[Records drawn from a dataset]

═══

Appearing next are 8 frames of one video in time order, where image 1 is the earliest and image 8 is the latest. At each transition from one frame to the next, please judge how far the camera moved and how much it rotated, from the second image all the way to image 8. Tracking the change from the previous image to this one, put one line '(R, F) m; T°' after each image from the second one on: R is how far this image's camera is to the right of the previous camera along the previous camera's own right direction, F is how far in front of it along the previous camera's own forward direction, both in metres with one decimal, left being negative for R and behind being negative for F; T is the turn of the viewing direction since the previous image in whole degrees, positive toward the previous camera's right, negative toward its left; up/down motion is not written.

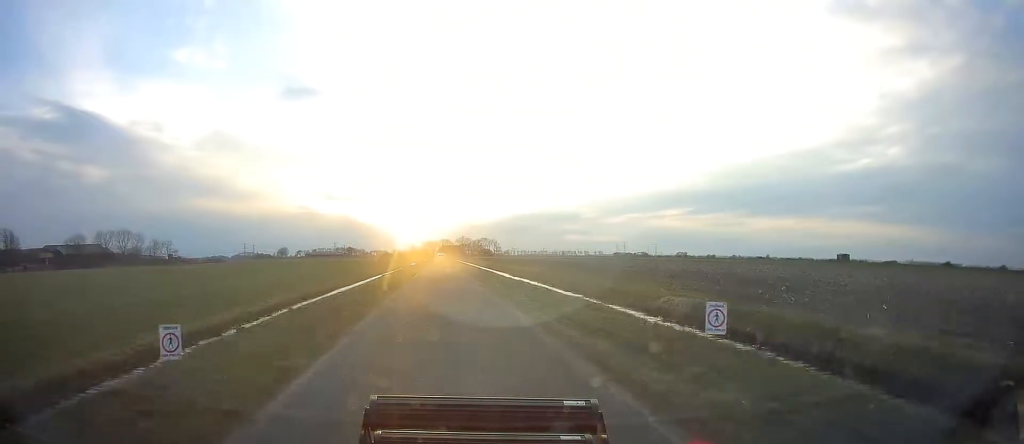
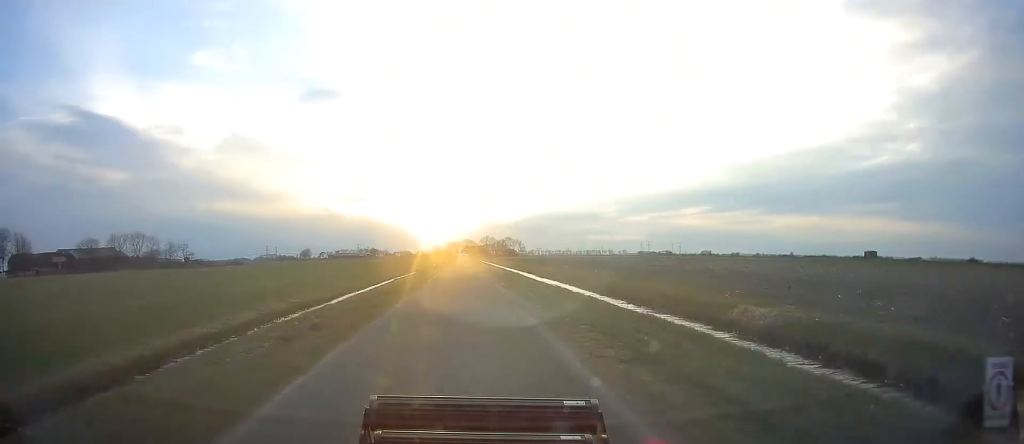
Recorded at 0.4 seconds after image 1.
(0.0, +5.6) m; -1°
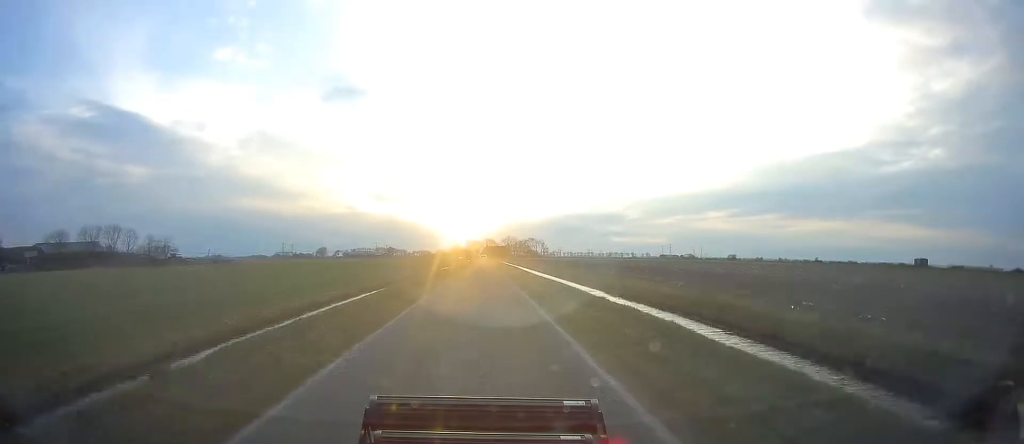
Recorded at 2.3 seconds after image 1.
(-1.6, +30.9) m; -4°
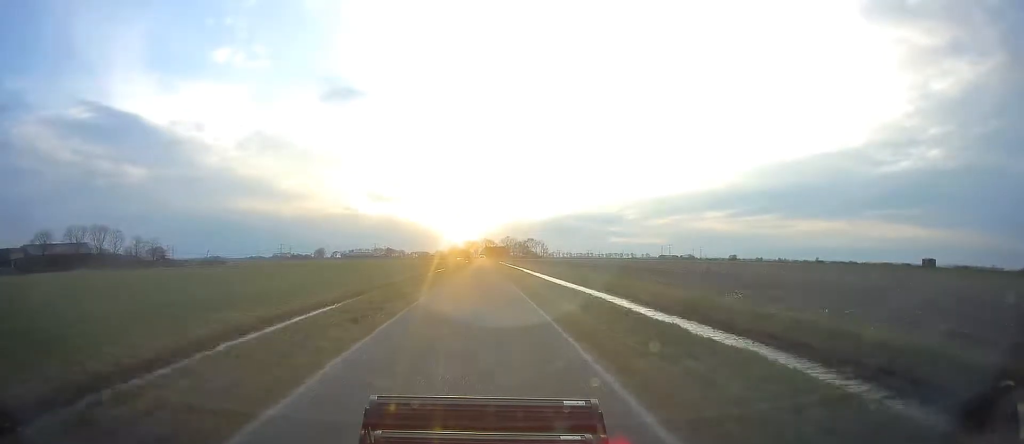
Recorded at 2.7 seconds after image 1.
(0.0, +7.8) m; 0°
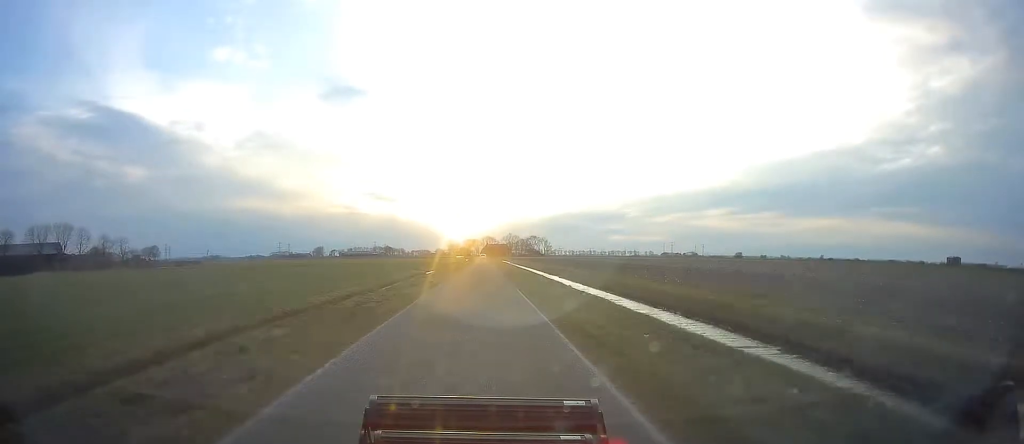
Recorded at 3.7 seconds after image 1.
(+0.1, +20.7) m; 0°
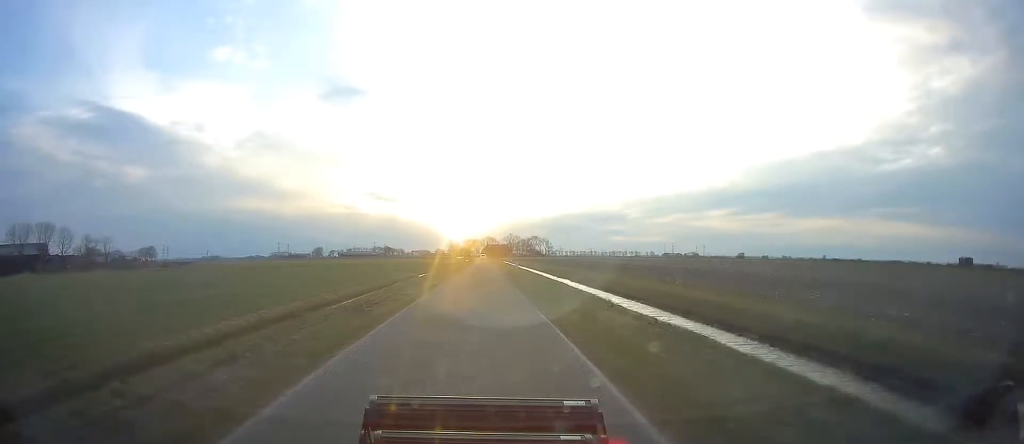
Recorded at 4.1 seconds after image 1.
(0.0, +9.9) m; 0°
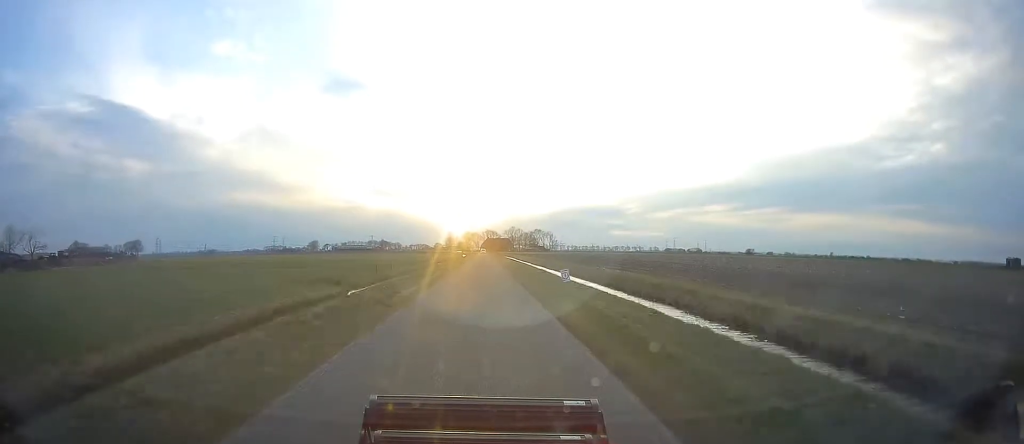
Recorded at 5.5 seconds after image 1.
(-0.4, +35.4) m; 0°
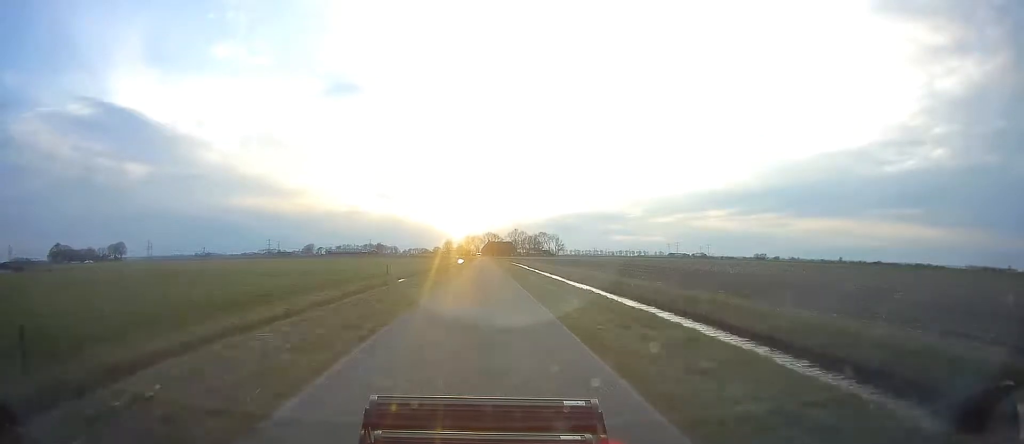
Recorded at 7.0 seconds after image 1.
(+0.7, +40.8) m; 0°

═══

Exercise details – For this exercise, please reproduce the records above exactly and drop the images.

Solution to this problem –
Appearing next are 8 frames of one video in time order, where image 1 is the earliest and image 8 is the latest. At each transition from one frame to the next, please judge how far the camera moved and how much it rotated, from the second image all the way to image 8. Tracking the change from the previous image to this one, put one line '(R, F) m; T°' after each image from the second one on: R is how far this image's camera is to the right of the previous camera along the previous camera's own right direction, F is how far in front of it along the previous camera's own forward direction, both in metres with one decimal, left being negative for R and behind being negative for F; T is the turn of the viewing direction since the previous image in whole degrees, positive toward the previous camera's right, negative toward its left; up/down motion is not written.

Recorded at 0.4 seconds after image 1.
(0.0, +5.6) m; -1°
Recorded at 2.3 seconds after image 1.
(-1.6, +30.9) m; -4°
Recorded at 2.7 seconds after image 1.
(0.0, +7.8) m; 0°
Recorded at 3.7 seconds after image 1.
(+0.1, +20.7) m; 0°
Recorded at 4.1 seconds after image 1.
(0.0, +9.9) m; 0°
Recorded at 5.5 seconds after image 1.
(-0.4, +35.4) m; 0°
Recorded at 7.0 seconds after image 1.
(+0.7, +40.8) m; 0°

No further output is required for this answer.